Additionally, this script maps all possible events for the subjects and stores them in 
`mappings/<project_name>_<bug_id>.json`.

So the collected events and mapping of the `black` project and bug 1 will be stored in `sflkit_events/black/1/bug` for 
the buggy version, `sflkit_events/black/1/fix` for the fixed version, and `mappings/black_1.json` for the mapping.

Remove the `report_<project_name>.json` file if you want to collect the event data from scratch.

#### Evaluating the Correlation and Fault Localization

To evaluate the correlation and fault localization, run the following command:

```bash
python study.py evaluate -p <project_name> [-i <bug_id>]
```

This script will evaluate the correlation of the execution features with the failure and the fault localization.
This script generates the features and their values in the `analysis` directory as an intermediate step.
The following command can explicitly run this step:

```bash
python study.py analyze -p <project_name> [-i <bug_id>]
```

The results of the correlation and fault localization will be stored in the `results` directory for each subject 
individually as a JSON file with the name `<project_name>_<bug_id>.json`.
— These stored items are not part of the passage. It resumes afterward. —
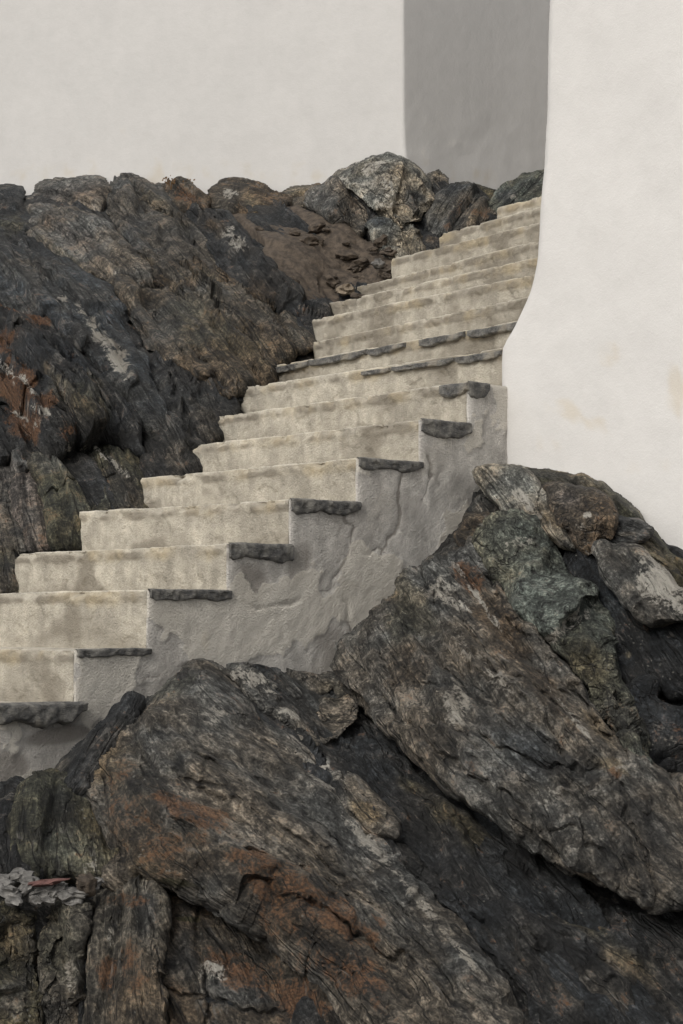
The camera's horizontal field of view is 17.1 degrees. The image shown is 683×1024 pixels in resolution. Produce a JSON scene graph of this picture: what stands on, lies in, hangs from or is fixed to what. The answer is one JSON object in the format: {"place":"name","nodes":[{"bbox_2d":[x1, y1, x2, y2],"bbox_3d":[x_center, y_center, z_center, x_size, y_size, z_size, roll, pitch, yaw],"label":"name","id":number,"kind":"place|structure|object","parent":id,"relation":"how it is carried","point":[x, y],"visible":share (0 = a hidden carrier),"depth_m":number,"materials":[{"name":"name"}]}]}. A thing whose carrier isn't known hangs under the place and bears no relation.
{"place":"outdoors","nodes":[
{"label":"outdoors","id":0,"kind":"place"},
{"bbox_2d":[0,181,497,509],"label":"bedrock","id":1,"kind":"structure","parent":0,"point":[84,470],"depth_m":13.90,"materials":[{"name":"grey stone"}]},
{"bbox_2d":[0,449,27,592],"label":"rock block","id":2,"kind":"object","parent":1,"relation":"on","point":[12,543],"visible":0.69,"depth_m":9.48,"materials":[{"name":"grey stone"}]},
{"bbox_2d":[0,183,31,245],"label":"rock block","id":3,"kind":"object","parent":1,"relation":"on","point":[12,208],"visible":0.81,"depth_m":14.86,"materials":[{"name":"grey stone"}]},
{"bbox_2d":[8,471,54,553],"bbox_3d":[-1.373,0.009,9.988,0.239,0.416,1.319,1,-3,-13],"label":"rock block","id":4,"kind":"object","parent":1,"relation":"on","point":[27,506],"visible":0.53,"depth_m":9.61,"materials":[{"name":"grey stone"}]},
{"bbox_2d":[26,175,111,226],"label":"boulder","id":5,"kind":"object","parent":1,"relation":"on","point":[91,192],"visible":0.66,"depth_m":15.09,"materials":[{"name":"grey stone"}]},
{"bbox_2d":[0,303,144,465],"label":"rock slab","id":6,"kind":"object","parent":1,"relation":"on","point":[61,398],"visible":0.93,"depth_m":10.33,"materials":[{"name":"grey stone"}]},
{"bbox_2d":[0,232,167,443],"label":"rock slab","id":7,"kind":"object","parent":1,"relation":"on","point":[71,300],"visible":0.77,"depth_m":11.93,"materials":[{"name":"grey stone"}]},
{"bbox_2d":[27,444,148,551],"bbox_3d":[-1.093,-0.143,10.363,0.627,0.742,2.164,0,-3,0],"label":"rock block","id":8,"kind":"object","parent":1,"relation":"on","point":[61,495],"visible":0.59,"depth_m":9.69,"materials":[{"name":"grey stone"}]},
{"bbox_2d":[26,206,154,288],"bbox_3d":[-1.648,-1.605,14.078,0.639,0.924,2.937,1,-3,-15],"label":"boulder","id":9,"kind":"object","parent":1,"relation":"on","point":[102,248],"visible":0.93,"depth_m":13.43,"materials":[{"name":"grey stone"}]},
{"bbox_2d":[106,173,215,283],"bbox_3d":[-1.218,-1.775,14.692,0.620,1.320,3.740,1,-3,-13],"label":"rock slab","id":10,"kind":"object","parent":1,"relation":"on","point":[157,229],"visible":0.77,"depth_m":13.98,"materials":[{"name":"grey stone"}]},
{"bbox_2d":[124,322,243,477],"bbox_3d":[-0.835,-0.611,11.670,0.619,1.289,3.493,0,-3,-9],"label":"rock slab","id":11,"kind":"object","parent":1,"relation":"on","point":[196,408],"visible":0.64,"depth_m":10.55,"materials":[{"name":"grey stone"}]},
{"bbox_2d":[161,176,211,212],"bbox_3d":[-1.038,-2.050,15.192,0.317,0.524,1.535,1,-3,-13],"label":"rock slab","id":12,"kind":"object","parent":1,"relation":"on","point":[184,195],"visible":0.53,"depth_m":14.83,"materials":[{"name":"stone"}]},
{"bbox_2d":[162,175,174,189],"bbox_3d":[-1.143,-2.180,15.028,0.093,0.099,0.076,0,-3,0],"label":"dry weed","id":13,"kind":"object","parent":12,"relation":"on","point":[168,181],"visible":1,"depth_m":15.02,"materials":[{"name":"plant"}]},
{"bbox_2d":[105,270,316,398],"bbox_3d":[-0.690,-0.928,12.400,1.138,0.949,3.115,1,-3,-11],"label":"rock slab","id":14,"kind":"object","parent":1,"relation":"on","point":[236,340],"visible":0.86,"depth_m":11.79,"materials":[{"name":"stone"}]},
{"bbox_2d":[153,255,276,312],"bbox_3d":[-0.839,-1.301,13.268,0.753,0.516,1.572,1,-3,-28],"label":"rock slab","id":15,"kind":"object","parent":1,"relation":"on","point":[195,263],"visible":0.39,"depth_m":12.98,"materials":[{"name":"grey stone"}]},
{"bbox_2d":[184,202,306,316],"bbox_3d":[-0.668,-1.525,14.095,0.521,1.090,2.969,1,-3,-15],"label":"rock slab","id":16,"kind":"object","parent":1,"relation":"on","point":[236,253],"visible":0.74,"depth_m":13.30,"materials":[{"name":"grey stone"}]},
{"bbox_2d":[282,183,320,208],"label":"boulder","id":17,"kind":"object","parent":1,"relation":"on","point":[296,193],"visible":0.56,"depth_m":14.68,"materials":[{"name":"grey stone"}]},
{"bbox_2d":[278,292,333,331],"bbox_3d":[-0.252,-1.090,13.034,0.448,0.356,1.299,0,-3,0],"label":"rock slab","id":18,"kind":"object","parent":1,"relation":"on","point":[312,309],"visible":0.49,"depth_m":12.68,"materials":[{"name":"grey stone"}]},
{"bbox_2d":[232,205,391,301],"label":"soil slope","id":19,"kind":"structure","parent":1,"relation":"on","point":[308,266],"depth_m":13.64,"materials":[{"name":"brown soil"}]},
{"bbox_2d":[207,177,292,213],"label":"boulder","id":20,"kind":"object","parent":19,"relation":"on","point":[234,195],"visible":0.79,"depth_m":14.66,"materials":[{"name":"grey stone"}]},
{"bbox_2d":[254,226,263,230],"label":"rock","id":21,"kind":"object","parent":19,"relation":"on","point":[258,228],"visible":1,"depth_m":13.94,"materials":[{"name":"brown stone"}]},
{"bbox_2d":[288,229,300,235],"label":"rock","id":22,"kind":"object","parent":19,"relation":"on","point":[294,232],"visible":1,"depth_m":13.80,"materials":[{"name":"brown stone"}]},
{"bbox_2d":[299,235,323,244],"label":"rock","id":23,"kind":"object","parent":19,"relation":"on","point":[312,240],"visible":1,"depth_m":13.70,"materials":[{"name":"brown stone"}]},
{"bbox_2d":[308,220,326,233],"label":"rock","id":24,"kind":"object","parent":19,"relation":"on","point":[318,227],"visible":1,"depth_m":13.85,"materials":[{"name":"brown stone"}]},
{"bbox_2d":[322,227,330,231],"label":"rock","id":25,"kind":"object","parent":19,"relation":"on","point":[325,229],"visible":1,"depth_m":13.83,"materials":[{"name":"brown stone"}]},
{"bbox_2d":[323,274,340,287],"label":"rock","id":26,"kind":"object","parent":19,"relation":"on","point":[332,281],"visible":0.98,"depth_m":13.43,"materials":[{"name":"brown stone"}]},
{"bbox_2d":[304,175,367,237],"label":"boulder","id":27,"kind":"object","parent":19,"relation":"on","point":[331,199],"visible":0.81,"depth_m":14.06,"materials":[{"name":"grey stone"}]},
{"bbox_2d":[342,241,349,245],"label":"rock","id":28,"kind":"object","parent":19,"relation":"on","point":[345,243],"visible":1,"depth_m":13.72,"materials":[{"name":"brown stone"}]},
{"bbox_2d":[334,249,359,260],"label":"rock","id":29,"kind":"object","parent":19,"relation":"on","point":[344,254],"visible":1,"depth_m":13.66,"materials":[{"name":"brown stone"}]},
{"bbox_2d":[347,258,369,272],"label":"rock","id":30,"kind":"object","parent":19,"relation":"on","point":[361,263],"visible":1,"depth_m":13.62,"materials":[{"name":"brown stone"}]},
{"bbox_2d":[367,247,378,251],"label":"rock","id":31,"kind":"object","parent":19,"relation":"on","point":[370,249],"visible":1,"depth_m":13.69,"materials":[{"name":"brown stone"}]},
{"bbox_2d":[373,234,387,247],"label":"rock","id":32,"kind":"object","parent":19,"relation":"on","point":[380,242],"visible":1,"depth_m":13.70,"materials":[{"name":"brown stone"}]},
{"bbox_2d":[378,266,391,278],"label":"rock","id":33,"kind":"object","parent":19,"relation":"on","point":[386,269],"visible":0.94,"depth_m":13.48,"materials":[{"name":"brown stone"}]},
{"bbox_2d":[371,258,384,268],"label":"loose stone","id":34,"kind":"object","parent":33,"relation":"on","point":[379,263],"visible":1,"depth_m":13.47,"materials":[{"name":"grey stone"}]},
{"bbox_2d":[383,272,391,278],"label":"rock","id":35,"kind":"object","parent":19,"relation":"on","point":[387,275],"visible":0.82,"depth_m":13.46,"materials":[{"name":"brown stone"}]},
{"bbox_2d":[379,247,397,256],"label":"rock","id":36,"kind":"object","parent":19,"relation":"on","point":[388,251],"visible":1,"depth_m":13.63,"materials":[{"name":"brown stone"}]},
{"bbox_2d":[336,283,354,295],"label":"loose stone","id":37,"kind":"object","parent":1,"relation":"on","point":[345,289],"visible":1,"depth_m":13.33,"materials":[{"name":"beige stone"}]},
{"bbox_2d":[350,292,364,298],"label":"rock","id":38,"kind":"object","parent":1,"relation":"on","point":[354,295],"visible":0.5,"depth_m":13.28,"materials":[{"name":"brown stone"}]},
{"bbox_2d":[332,151,434,228],"bbox_3d":[0.257,-2.014,14.604,0.704,0.702,1.568,0,-3,0],"label":"boulder","id":39,"kind":"object","parent":1,"relation":"on","point":[387,184],"visible":0.89,"depth_m":14.12,"materials":[{"name":"grey stone"}]},
{"bbox_2d":[365,214,425,258],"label":"boulder","id":40,"kind":"object","parent":1,"relation":"on","point":[407,239],"visible":0.81,"depth_m":13.79,"materials":[{"name":"grey stone"}]},
{"bbox_2d":[422,232,439,249],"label":"boulder","id":41,"kind":"object","parent":1,"relation":"on","point":[430,240],"visible":0.54,"depth_m":13.65,"materials":[{"name":"grey stone"}]},
{"bbox_2d":[427,169,448,187],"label":"boulder","id":42,"kind":"object","parent":1,"relation":"on","point":[436,176],"visible":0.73,"depth_m":14.51,"materials":[{"name":"grey stone"}]},
{"bbox_2d":[424,181,496,236],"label":"boulder","id":43,"kind":"object","parent":1,"relation":"on","point":[449,210],"visible":0.81,"depth_m":14.00,"materials":[{"name":"grey stone"}]},
{"bbox_2d":[477,184,495,198],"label":"boulder","id":44,"kind":"object","parent":1,"relation":"on","point":[489,192],"visible":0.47,"depth_m":14.39,"materials":[{"name":"grey stone"}]},
{"bbox_2d":[488,170,543,211],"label":"boulder","id":45,"kind":"object","parent":1,"relation":"on","point":[523,187],"visible":0.39,"depth_m":14.16,"materials":[{"name":"grey stone"}]},
{"bbox_2d":[0,489,682,1023],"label":"bedrock","id":46,"kind":"structure","parent":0,"point":[522,877],"depth_m":7.13,"materials":[{"name":"grey stone"}]},
{"bbox_2d":[0,789,15,800],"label":"rock shard","id":47,"kind":"object","parent":46,"relation":"on","point":[10,795],"visible":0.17,"depth_m":7.13,"materials":[{"name":"grey stone"}]},
{"bbox_2d":[0,899,43,1023],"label":"rock block","id":48,"kind":"object","parent":46,"relation":"on","point":[21,996],"visible":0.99,"depth_m":6.67,"materials":[{"name":"grey stone"}]},
{"bbox_2d":[5,896,23,907],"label":"loose stone","id":49,"kind":"object","parent":48,"relation":"on","point":[12,902],"visible":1,"depth_m":6.63,"materials":[{"name":"grey stone"}]},
{"bbox_2d":[0,883,21,897],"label":"loose stone","id":50,"kind":"object","parent":49,"relation":"on","point":[9,890],"visible":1,"depth_m":6.64,"materials":[{"name":"grey stone"}]},
{"bbox_2d":[0,879,14,886],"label":"loose stone","id":51,"kind":"object","parent":50,"relation":"on","point":[6,882],"visible":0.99,"depth_m":6.67,"materials":[{"name":"grey stone"}]},
{"bbox_2d":[0,874,8,878],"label":"loose stone","id":52,"kind":"object","parent":51,"relation":"on","point":[4,876],"visible":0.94,"depth_m":6.69,"materials":[{"name":"grey stone"}]},
{"bbox_2d":[7,867,34,886],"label":"loose stone","id":53,"kind":"object","parent":52,"relation":"on","point":[15,874],"visible":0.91,"depth_m":6.71,"materials":[{"name":"grey stone"}]},
{"bbox_2d":[18,884,33,896],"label":"loose stone","id":54,"kind":"object","parent":50,"relation":"on","point":[24,890],"visible":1,"depth_m":6.67,"materials":[{"name":"grey stone"}]},
{"bbox_2d":[0,798,44,887],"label":"rock block","id":55,"kind":"object","parent":46,"relation":"on","point":[11,860],"visible":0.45,"depth_m":6.82,"materials":[{"name":"grey stone"}]},
{"bbox_2d":[6,768,119,885],"bbox_3d":[-0.852,1.009,7.316,0.372,0.378,1.060,0,-3,0],"label":"rock block","id":56,"kind":"object","parent":46,"relation":"on","point":[54,828],"visible":0.79,"depth_m":6.94,"materials":[{"name":"grey stone"}]},
{"bbox_2d":[37,898,95,1023],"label":"rock block","id":57,"kind":"object","parent":46,"relation":"on","point":[65,933],"visible":0.95,"depth_m":6.62,"materials":[{"name":"grey stone"}]},
{"bbox_2d":[29,895,44,906],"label":"loose stone","id":58,"kind":"object","parent":57,"relation":"on","point":[36,901],"visible":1,"depth_m":6.66,"materials":[{"name":"grey stone"}]},
{"bbox_2d":[24,885,53,902],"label":"loose stone","id":59,"kind":"object","parent":58,"relation":"on","point":[41,891],"visible":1,"depth_m":6.68,"materials":[{"name":"grey stone"}]},
{"bbox_2d":[28,878,69,886],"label":"loose stone","id":60,"kind":"object","parent":59,"relation":"on","point":[45,882],"visible":1,"depth_m":6.67,"materials":[{"name":"stone"}]},
{"bbox_2d":[18,876,39,887],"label":"loose stone","id":61,"kind":"object","parent":60,"relation":"on","point":[23,880],"visible":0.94,"depth_m":6.70,"materials":[{"name":"grey stone"}]},
{"bbox_2d":[48,886,64,898],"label":"loose stone","id":62,"kind":"object","parent":59,"relation":"on","point":[53,892],"visible":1,"depth_m":6.68,"materials":[{"name":"grey stone"}]},
{"bbox_2d":[40,895,55,907],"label":"loose stone","id":63,"kind":"object","parent":57,"relation":"on","point":[48,901],"visible":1,"depth_m":6.67,"materials":[{"name":"grey stone"}]},
{"bbox_2d":[61,898,83,905],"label":"loose stone","id":64,"kind":"object","parent":57,"relation":"on","point":[70,902],"visible":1,"depth_m":6.69,"materials":[{"name":"grey stone"}]},
{"bbox_2d":[65,887,88,898],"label":"loose stone","id":65,"kind":"object","parent":64,"relation":"on","point":[75,892],"visible":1,"depth_m":6.69,"materials":[{"name":"grey stone"}]},
{"bbox_2d":[57,890,74,901],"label":"loose stone","id":66,"kind":"object","parent":65,"relation":"on","point":[64,895],"visible":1,"depth_m":6.68,"materials":[{"name":"grey stone"}]},
{"bbox_2d":[54,881,67,886],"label":"loose stone","id":67,"kind":"object","parent":66,"relation":"on","point":[63,884],"visible":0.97,"depth_m":6.72,"materials":[{"name":"grey stone"}]},
{"bbox_2d":[75,872,96,896],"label":"loose stone","id":68,"kind":"object","parent":65,"relation":"on","point":[86,883],"visible":1,"depth_m":6.68,"materials":[{"name":"brown stone"}]},
{"bbox_2d":[85,879,101,898],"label":"loose stone","id":69,"kind":"object","parent":68,"relation":"on","point":[99,881],"visible":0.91,"depth_m":6.73,"materials":[{"name":"grey stone"}]},
{"bbox_2d":[77,897,92,1023],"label":"rock block","id":70,"kind":"object","parent":46,"relation":"on","point":[81,1009],"visible":0.15,"depth_m":6.56,"materials":[{"name":"black stone"}]},
{"bbox_2d":[55,691,145,797],"bbox_3d":[-0.805,0.763,7.541,0.324,0.344,0.885,0,-3,0],"label":"rock shard","id":71,"kind":"object","parent":46,"relation":"on","point":[78,763],"visible":0.69,"depth_m":7.28,"materials":[{"name":"grey stone"}]},
{"bbox_2d":[82,874,171,1023],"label":"rock block","id":72,"kind":"object","parent":46,"relation":"on","point":[128,943],"visible":0.98,"depth_m":6.57,"materials":[{"name":"stone"}]},
{"bbox_2d":[163,892,341,1023],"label":"rock block","id":73,"kind":"object","parent":46,"relation":"on","point":[233,964],"visible":0.69,"depth_m":6.62,"materials":[{"name":"stone"}]},
{"bbox_2d":[0,196,541,781],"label":"staircase","id":74,"kind":"structure","parent":46,"relation":"on","point":[312,510],"depth_m":8.81,"materials":[{"name":"concrete"}]},
{"bbox_2d":[224,662,358,745],"bbox_3d":[-0.111,0.685,8.152,0.460,0.305,1.009,-1,-3,20],"label":"rock","id":75,"kind":"object","parent":46,"relation":"on","point":[337,716],"visible":0.77,"depth_m":7.88,"materials":[{"name":"grey stone"}]},
{"bbox_2d":[86,658,527,1023],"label":"rock outcrop","id":76,"kind":"object","parent":46,"relation":"on","point":[205,793],"visible":0.91,"depth_m":6.82,"materials":[{"name":"grey stone"}]},
{"bbox_2d":[310,757,401,840],"bbox_3d":[0.016,0.946,7.623,0.378,0.260,0.870,0,-3,0],"label":"rock","id":77,"kind":"object","parent":46,"relation":"on","point":[382,820],"visible":0.64,"depth_m":7.29,"materials":[{"name":"grey stone"}]},
{"bbox_2d":[252,664,682,1023],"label":"rock slab","id":78,"kind":"object","parent":46,"relation":"on","point":[442,834],"visible":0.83,"depth_m":7.03,"materials":[{"name":"grey stone"}]},
{"bbox_2d":[453,511,489,547],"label":"boulder","id":79,"kind":"object","parent":46,"relation":"on","point":[470,522],"visible":0.51,"depth_m":8.62,"materials":[{"name":"stone"}]},
{"bbox_2d":[472,493,499,512],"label":"boulder","id":80,"kind":"object","parent":46,"relation":"on","point":[482,502],"visible":0.31,"depth_m":8.78,"materials":[{"name":"grey stone"}]},
{"bbox_2d":[329,535,682,914],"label":"rock","id":81,"kind":"object","parent":46,"relation":"on","point":[458,679],"visible":0.99,"depth_m":7.51,"materials":[{"name":"grey stone"}]},
{"bbox_2d":[472,463,575,551],"bbox_3d":[0.676,-0.016,8.765,0.322,0.362,0.804,1,-3,-12],"label":"boulder","id":82,"kind":"object","parent":46,"relation":"on","point":[506,487],"visible":0.81,"depth_m":8.67,"materials":[{"name":"grey stone"}]},
{"bbox_2d":[471,508,652,764],"bbox_3d":[0.763,0.448,8.321,0.540,0.936,1.674,0,-3,-5],"label":"boulder","id":83,"kind":"object","parent":46,"relation":"on","point":[558,605],"visible":0.89,"depth_m":8.08,"materials":[{"name":"grey stone"}]},
{"bbox_2d":[541,481,618,555],"bbox_3d":[0.911,0.034,8.723,0.285,0.315,0.752,0,-3,0],"label":"boulder","id":84,"kind":"object","parent":46,"relation":"on","point":[585,517],"visible":0.91,"depth_m":8.43,"materials":[{"name":"stone"}]},
{"bbox_2d":[526,467,682,586],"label":"rock ridge","id":85,"kind":"object","parent":46,"relation":"on","point":[656,547],"visible":0.35,"depth_m":8.65,"materials":[{"name":"grey stone"}]},
{"bbox_2d":[563,549,662,696],"bbox_3d":[0.997,0.406,8.464,0.348,0.600,1.087,0,-3,0],"label":"boulder","id":86,"kind":"object","parent":46,"relation":"on","point":[632,646],"visible":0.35,"depth_m":8.11,"materials":[{"name":"grey stone"}]},
{"bbox_2d":[606,515,653,543],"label":"boulder","id":87,"kind":"object","parent":46,"relation":"on","point":[634,530],"visible":0.69,"depth_m":8.39,"materials":[{"name":"grey stone"}]},
{"bbox_2d":[591,539,682,627],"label":"boulder","id":88,"kind":"object","parent":46,"relation":"on","point":[642,584],"visible":1,"depth_m":8.12,"materials":[{"name":"grey stone"}]},
{"bbox_2d":[625,674,682,772],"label":"boulder","id":89,"kind":"object","parent":46,"relation":"on","point":[661,715],"visible":0.59,"depth_m":7.82,"materials":[{"name":"grey stone"}]},
{"bbox_2d":[648,623,682,702],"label":"boulder","id":90,"kind":"object","parent":46,"relation":"on","point":[666,647],"visible":0.59,"depth_m":8.03,"materials":[{"name":"grey stone"}]},
{"label":"ground","id":91,"kind":"structure","parent":0,"visible":0},
{"bbox_2d":[0,0,549,194],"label":"wall","id":92,"kind":"structure","parent":91,"relation":"on","point":[274,95],"depth_m":15.39,"materials":[{"name":"paint"}]},
{"bbox_2d":[502,0,682,549],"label":"white building","id":93,"kind":"structure","parent":91,"relation":"on","point":[592,367],"depth_m":8.88,"materials":[{"name":"paint"}]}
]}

If you want to evaluate the correlation and fault localization from scratch, you need to remove the corresponding 
files in the `results` directory.

To summarize the results of all subjects, run the following command:

```bash
python study.py summarize
```

The summarized results will be stored in a file called `summary.json`.

## Execution-Feature-Driven Debugging

### Installation

To install __E__xecution-__F__eature-__D__riven __D__ebugging (_EFDD_), run the following command:

```bash
python -m pip install .
```

### Usage

For _EFDD_, you need to instrument your subject.
```python
from efdd.events import instrument

instrument("middle.py", "tmp.py", "mapping.json")
```
Next, you need some tests to execute and collect their event traces. 
We provide two collectors, one for unit tests and one for input to the program.
However, implementing another collector by inheriting the base class `EventCollector` and implementing its `collect()` method is an option.
To employ the collector, use it like this:
```python
from efdd.events import SystemtestEventCollector

collector = SystemtestEventCollector(os.getcwd(), "middle.py", "tmp.py", mapping_path="mapping.json")
events = collector.get_events((passing, failing))
```
In this example, we leverage the input event collector. 
`passing` and `failing` are lists of passing and failing inputs.

Next, you can utilize the event handler to extract and build feature vectors from the event traces.
```python
from sflkit.features.handler import EventHandler

handler = EventHandler()
handler.handle_files(events)
```

Now, we can leverage _EFDD_ learning to infer a failure diagnosis.
```python
from efdd.learning import DecisionTreeDiagnosis

debugger = DecisionTreeDiagnosis()
debugger.fit(
    handler.builder.get_all_features(),
    handler,
)
```

Now, we can leverage the underlying model of the debugger as a diagnosis that pinpoints faulty locations and explains 
the underlying causes of the failure.

We provide an example of this walk-through in `evaluation/example.ipynb`.

# License

This project is licensed under the MIT License - see the [LICENSE](LICENSE) file for details.